Aslında laikliği devlete indirgeme hatası özellikle modern dünyada ortaya çıktığı coğrafyanın doğusuna gidildikçe daha çok yapılıyor. Laiklik, sanki ontolojik anlamda bir karşılığı olan/ bulunan bir kavrammış gibi ele alınıyor. Bu kavramın bir uygulama hali, operasyonel bir 'kelime' gibi öğretilmesi idarenin/reji'nin dolayısıyla rejimin işine geliyor.

Aksi halde hassasiyetleri ve dini- kültürel sıcaklıkları yeni yeni soğuyan toplumlarda laikliğin kök salması beklenemez. Hatırlarsınız Recep Tayyip Erdoğan'ın Mısır mitingini hani şu laikliği övdüğü... Mısır'da nasıl da şaşkın bakışlarla karşılanmıştı... Bu satırlara tersten bakacak olursak, istediğimiz kadar laikliği din- devlet ikiliğinde "denizlerin suları" gibi karıştırmayalım, eğer semboller, anlamlar ve değerler dinsel davranış örüntülerinden kaynaklanarak yaşanılıyorsa eninde sonunda yönetim, yani devlet ve din bir araya gelir en azından yakınlaşır.

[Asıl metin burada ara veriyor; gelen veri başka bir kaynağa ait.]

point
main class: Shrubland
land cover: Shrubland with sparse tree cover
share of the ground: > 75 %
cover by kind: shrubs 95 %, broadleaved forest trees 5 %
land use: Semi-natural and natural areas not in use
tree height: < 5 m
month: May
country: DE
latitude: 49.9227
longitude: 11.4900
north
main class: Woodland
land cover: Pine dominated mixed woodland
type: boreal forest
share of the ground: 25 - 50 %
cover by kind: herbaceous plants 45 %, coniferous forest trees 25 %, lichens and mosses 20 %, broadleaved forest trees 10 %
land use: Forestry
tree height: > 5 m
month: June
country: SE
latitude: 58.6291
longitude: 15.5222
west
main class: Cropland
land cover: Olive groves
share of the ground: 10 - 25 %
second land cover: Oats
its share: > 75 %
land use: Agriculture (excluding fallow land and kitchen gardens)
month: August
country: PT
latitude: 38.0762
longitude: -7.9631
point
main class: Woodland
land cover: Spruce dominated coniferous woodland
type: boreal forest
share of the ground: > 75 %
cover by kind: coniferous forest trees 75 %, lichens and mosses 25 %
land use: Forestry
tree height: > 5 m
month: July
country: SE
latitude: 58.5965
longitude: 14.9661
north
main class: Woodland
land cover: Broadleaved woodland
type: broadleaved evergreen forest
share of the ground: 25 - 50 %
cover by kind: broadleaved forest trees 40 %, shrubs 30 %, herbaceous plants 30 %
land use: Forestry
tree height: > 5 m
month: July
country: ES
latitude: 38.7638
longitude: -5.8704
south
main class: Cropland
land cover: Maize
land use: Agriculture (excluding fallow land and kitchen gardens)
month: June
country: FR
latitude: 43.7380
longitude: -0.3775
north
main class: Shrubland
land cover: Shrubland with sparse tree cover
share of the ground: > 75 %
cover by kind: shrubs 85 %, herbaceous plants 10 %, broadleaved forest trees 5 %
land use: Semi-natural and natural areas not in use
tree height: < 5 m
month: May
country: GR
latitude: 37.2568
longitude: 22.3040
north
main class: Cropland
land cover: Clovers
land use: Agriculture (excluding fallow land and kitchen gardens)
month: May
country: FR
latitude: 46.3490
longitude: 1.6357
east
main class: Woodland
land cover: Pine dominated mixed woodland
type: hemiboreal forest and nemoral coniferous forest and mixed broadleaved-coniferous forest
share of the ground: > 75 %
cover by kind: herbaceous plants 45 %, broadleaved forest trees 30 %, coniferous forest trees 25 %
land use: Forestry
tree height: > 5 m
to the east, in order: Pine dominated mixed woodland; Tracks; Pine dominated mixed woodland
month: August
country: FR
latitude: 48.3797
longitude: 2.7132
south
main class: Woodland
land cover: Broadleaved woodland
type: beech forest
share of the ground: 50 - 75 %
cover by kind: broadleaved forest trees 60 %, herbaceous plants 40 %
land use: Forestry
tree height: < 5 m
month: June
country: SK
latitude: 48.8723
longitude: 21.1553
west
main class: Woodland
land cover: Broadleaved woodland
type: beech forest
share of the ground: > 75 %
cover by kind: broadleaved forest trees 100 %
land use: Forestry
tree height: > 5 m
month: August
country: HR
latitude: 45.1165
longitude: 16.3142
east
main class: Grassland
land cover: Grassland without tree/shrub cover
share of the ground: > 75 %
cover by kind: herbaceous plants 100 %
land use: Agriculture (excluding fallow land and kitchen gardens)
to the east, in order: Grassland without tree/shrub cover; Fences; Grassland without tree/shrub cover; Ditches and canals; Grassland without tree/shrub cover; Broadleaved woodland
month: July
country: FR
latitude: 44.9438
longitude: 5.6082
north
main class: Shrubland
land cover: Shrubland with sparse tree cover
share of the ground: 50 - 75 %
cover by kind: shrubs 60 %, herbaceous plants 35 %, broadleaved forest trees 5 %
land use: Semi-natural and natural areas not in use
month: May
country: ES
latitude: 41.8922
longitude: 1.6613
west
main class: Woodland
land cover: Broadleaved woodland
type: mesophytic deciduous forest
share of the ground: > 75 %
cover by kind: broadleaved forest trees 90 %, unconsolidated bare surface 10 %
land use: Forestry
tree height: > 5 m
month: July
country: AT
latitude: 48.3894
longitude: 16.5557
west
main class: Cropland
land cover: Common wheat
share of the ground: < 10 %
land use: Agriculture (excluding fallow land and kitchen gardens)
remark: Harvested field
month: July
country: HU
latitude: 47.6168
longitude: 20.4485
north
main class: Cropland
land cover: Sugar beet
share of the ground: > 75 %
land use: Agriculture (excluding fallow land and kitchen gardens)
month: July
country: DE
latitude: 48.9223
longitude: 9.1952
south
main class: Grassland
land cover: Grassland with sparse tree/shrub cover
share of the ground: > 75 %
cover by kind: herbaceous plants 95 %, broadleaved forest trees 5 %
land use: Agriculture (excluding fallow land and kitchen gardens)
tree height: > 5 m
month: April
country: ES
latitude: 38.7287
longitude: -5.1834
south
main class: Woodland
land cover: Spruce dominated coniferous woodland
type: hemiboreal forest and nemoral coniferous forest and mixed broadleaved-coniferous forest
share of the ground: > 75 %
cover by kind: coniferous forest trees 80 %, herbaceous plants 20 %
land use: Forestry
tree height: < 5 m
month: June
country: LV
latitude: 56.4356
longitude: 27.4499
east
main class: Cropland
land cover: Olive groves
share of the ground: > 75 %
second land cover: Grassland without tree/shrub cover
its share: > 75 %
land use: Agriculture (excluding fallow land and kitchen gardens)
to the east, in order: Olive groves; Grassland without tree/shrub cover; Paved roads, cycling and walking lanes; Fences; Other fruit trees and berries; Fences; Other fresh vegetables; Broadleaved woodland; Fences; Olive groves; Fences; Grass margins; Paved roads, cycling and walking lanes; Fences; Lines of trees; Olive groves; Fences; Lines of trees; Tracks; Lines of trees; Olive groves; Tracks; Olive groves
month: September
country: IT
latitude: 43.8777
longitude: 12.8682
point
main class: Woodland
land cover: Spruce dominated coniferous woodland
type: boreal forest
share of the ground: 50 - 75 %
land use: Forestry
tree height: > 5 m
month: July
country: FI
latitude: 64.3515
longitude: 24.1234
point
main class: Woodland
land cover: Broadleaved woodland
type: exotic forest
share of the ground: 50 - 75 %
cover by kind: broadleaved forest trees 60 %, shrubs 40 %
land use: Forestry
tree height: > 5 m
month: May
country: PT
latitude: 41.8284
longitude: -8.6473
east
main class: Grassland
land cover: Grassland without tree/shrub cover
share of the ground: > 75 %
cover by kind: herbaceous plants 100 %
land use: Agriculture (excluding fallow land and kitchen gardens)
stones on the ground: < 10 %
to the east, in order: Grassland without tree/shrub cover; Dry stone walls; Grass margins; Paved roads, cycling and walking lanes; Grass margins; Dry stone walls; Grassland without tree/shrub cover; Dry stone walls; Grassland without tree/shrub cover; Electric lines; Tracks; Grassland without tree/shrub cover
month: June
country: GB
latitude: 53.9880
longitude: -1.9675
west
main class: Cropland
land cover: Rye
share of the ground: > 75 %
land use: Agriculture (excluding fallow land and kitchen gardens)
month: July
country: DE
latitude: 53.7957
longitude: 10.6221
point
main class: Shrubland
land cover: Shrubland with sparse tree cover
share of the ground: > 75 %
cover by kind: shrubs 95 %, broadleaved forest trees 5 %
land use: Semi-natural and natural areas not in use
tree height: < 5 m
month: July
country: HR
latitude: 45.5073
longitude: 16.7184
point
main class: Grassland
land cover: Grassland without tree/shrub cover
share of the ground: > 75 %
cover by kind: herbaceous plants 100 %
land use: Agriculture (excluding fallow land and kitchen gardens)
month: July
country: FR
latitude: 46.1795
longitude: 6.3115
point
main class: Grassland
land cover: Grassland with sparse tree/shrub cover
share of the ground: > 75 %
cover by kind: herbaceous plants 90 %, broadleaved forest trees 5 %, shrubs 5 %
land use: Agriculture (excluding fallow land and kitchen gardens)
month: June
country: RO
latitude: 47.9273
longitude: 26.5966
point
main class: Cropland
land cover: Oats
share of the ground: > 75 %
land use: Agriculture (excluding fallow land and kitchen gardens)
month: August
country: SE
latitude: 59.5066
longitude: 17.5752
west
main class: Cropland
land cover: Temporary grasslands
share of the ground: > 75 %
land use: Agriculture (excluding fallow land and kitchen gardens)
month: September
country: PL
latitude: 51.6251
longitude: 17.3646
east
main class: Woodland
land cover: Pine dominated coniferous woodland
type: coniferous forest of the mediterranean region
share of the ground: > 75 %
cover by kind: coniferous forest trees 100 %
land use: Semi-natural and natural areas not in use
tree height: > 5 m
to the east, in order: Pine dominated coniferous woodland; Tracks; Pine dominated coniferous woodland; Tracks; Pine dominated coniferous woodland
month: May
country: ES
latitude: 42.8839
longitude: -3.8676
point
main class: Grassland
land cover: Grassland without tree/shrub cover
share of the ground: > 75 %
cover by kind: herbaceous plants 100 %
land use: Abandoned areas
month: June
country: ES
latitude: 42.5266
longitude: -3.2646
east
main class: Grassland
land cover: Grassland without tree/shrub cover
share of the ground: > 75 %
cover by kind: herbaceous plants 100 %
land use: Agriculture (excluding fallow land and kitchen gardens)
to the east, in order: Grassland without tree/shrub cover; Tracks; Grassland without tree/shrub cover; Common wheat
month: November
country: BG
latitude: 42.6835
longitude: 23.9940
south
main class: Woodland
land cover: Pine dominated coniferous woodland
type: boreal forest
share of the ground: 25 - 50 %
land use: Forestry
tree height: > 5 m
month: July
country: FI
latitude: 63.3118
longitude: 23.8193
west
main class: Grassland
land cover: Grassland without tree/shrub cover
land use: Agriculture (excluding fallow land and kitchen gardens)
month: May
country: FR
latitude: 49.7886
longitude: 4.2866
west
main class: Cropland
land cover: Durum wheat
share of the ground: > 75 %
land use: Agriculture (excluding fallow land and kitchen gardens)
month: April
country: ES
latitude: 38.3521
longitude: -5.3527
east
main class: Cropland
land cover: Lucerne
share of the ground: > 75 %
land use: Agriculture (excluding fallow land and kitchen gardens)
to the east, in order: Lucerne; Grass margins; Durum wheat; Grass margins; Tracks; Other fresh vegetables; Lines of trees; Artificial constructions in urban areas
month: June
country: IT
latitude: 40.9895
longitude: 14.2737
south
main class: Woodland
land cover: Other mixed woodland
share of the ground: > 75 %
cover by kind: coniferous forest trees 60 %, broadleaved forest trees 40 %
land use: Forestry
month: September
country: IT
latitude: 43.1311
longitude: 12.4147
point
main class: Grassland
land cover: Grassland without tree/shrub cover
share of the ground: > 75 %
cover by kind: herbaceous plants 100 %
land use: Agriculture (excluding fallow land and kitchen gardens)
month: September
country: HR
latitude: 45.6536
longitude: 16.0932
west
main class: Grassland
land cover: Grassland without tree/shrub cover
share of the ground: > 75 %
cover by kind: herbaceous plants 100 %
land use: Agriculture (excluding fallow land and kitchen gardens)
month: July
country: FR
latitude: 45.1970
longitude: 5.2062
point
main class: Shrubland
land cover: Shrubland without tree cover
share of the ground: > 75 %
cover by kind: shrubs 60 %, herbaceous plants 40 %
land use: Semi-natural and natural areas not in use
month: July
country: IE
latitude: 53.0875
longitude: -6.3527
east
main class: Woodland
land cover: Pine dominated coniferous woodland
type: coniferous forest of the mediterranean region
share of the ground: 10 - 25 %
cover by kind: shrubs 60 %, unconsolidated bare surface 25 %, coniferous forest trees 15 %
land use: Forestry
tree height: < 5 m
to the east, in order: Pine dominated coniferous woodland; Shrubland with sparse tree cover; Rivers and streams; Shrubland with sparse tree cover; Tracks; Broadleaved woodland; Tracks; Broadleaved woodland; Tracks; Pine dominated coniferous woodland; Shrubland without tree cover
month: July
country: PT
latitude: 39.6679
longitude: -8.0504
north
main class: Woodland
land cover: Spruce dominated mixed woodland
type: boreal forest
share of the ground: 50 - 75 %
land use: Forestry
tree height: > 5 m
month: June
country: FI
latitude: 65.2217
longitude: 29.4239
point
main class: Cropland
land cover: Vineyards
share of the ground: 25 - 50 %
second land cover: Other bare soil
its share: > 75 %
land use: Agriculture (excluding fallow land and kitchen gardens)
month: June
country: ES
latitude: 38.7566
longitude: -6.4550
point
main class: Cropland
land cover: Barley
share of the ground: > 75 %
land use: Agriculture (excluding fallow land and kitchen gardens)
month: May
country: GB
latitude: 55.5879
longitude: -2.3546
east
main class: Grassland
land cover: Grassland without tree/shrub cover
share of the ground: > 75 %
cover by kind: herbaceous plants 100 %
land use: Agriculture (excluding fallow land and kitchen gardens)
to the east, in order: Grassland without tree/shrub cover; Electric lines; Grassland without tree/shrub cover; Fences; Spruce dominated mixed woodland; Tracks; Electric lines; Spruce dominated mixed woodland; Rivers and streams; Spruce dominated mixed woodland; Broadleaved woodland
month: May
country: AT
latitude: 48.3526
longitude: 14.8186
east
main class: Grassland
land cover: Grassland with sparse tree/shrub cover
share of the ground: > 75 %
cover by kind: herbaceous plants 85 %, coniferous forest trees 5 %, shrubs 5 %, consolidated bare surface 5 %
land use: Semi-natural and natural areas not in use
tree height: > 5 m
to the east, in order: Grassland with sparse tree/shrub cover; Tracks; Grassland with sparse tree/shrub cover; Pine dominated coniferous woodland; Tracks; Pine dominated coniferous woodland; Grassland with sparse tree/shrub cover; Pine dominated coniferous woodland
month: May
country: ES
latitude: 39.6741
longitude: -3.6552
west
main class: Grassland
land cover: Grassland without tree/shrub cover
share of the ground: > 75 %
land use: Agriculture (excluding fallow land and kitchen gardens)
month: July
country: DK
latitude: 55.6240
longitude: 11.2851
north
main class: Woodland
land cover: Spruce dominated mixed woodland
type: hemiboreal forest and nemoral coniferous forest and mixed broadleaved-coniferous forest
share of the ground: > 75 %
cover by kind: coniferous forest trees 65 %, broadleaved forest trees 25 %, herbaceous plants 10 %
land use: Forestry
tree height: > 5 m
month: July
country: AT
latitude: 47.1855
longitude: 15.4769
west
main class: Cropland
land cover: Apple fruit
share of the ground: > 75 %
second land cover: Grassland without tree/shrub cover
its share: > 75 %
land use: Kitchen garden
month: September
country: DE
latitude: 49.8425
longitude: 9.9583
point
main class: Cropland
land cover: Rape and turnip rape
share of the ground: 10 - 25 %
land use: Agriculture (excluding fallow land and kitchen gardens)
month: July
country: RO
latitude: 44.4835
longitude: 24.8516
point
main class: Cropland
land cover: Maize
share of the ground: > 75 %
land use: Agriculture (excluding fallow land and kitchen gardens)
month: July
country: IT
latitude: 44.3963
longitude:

Öte yandan laikliğin felsefi duruşu elbette din ve devlet işlerinin birbirinden ayrılması- ayrı yürütülmesi değildir. Bu ifade de bize doğru diye öğretilen yanlışlardan. Dolayısıyla laiklik olsa olsa , dinsel olanın dünyasal olana ölçüt olamaması şeklinde kavramsallaştırılabilir. Burası çok önemli: Dinsel olanın dünyasal olana ölçüt olamaması.

Yani sadece devletin yönetimi ve karar alma, kararları uygulama (yasa koyma dahil) alanlarında dini çözümleme ve yönlendirmelerin esas alınması değil aksine toplumsal hayatın tüm anları ve alanlarında dini referansların kabul edilmemesidir.

Örneğin yağmur yağmadığı için yağmur duasına çıkanların yağmur duasına çıkması ile dinsel bir kaide olarak, mirastan kadınların erkeklere göre yarı oranında pay alması da laiklik karşıtıdır. Ya da kendine "koca" bulamayan veya çocuğu olmayan birinin tutup bir ağaç dalına çaput bağlaması da laiklik karşıtıdır. Bu örnekleri geceleri ıslık çalmaktan, tuvalette ya da yemek yerken kullanılan elin hangisinin olacağına kadar bireye/ topluma dayatılmış referans yığınlarıyla çeşitlendirmek çoğaltmak mümkündür.

Dolaısıyla laiklik bu düzlemde (dinin dünyevi olana ölçüt olmaması) tanımlanmazsa süreç içinde, dünyasal olan herşeyin dinselleşmesi / gnostizmle, gnostik bir hal alması kaçınılmazdır çünkü zaten insan her şeyden mutlu olsaydı ya da yaşadığı her şeyi kabul edip sessizce yaşasaydı tarih olmazdı.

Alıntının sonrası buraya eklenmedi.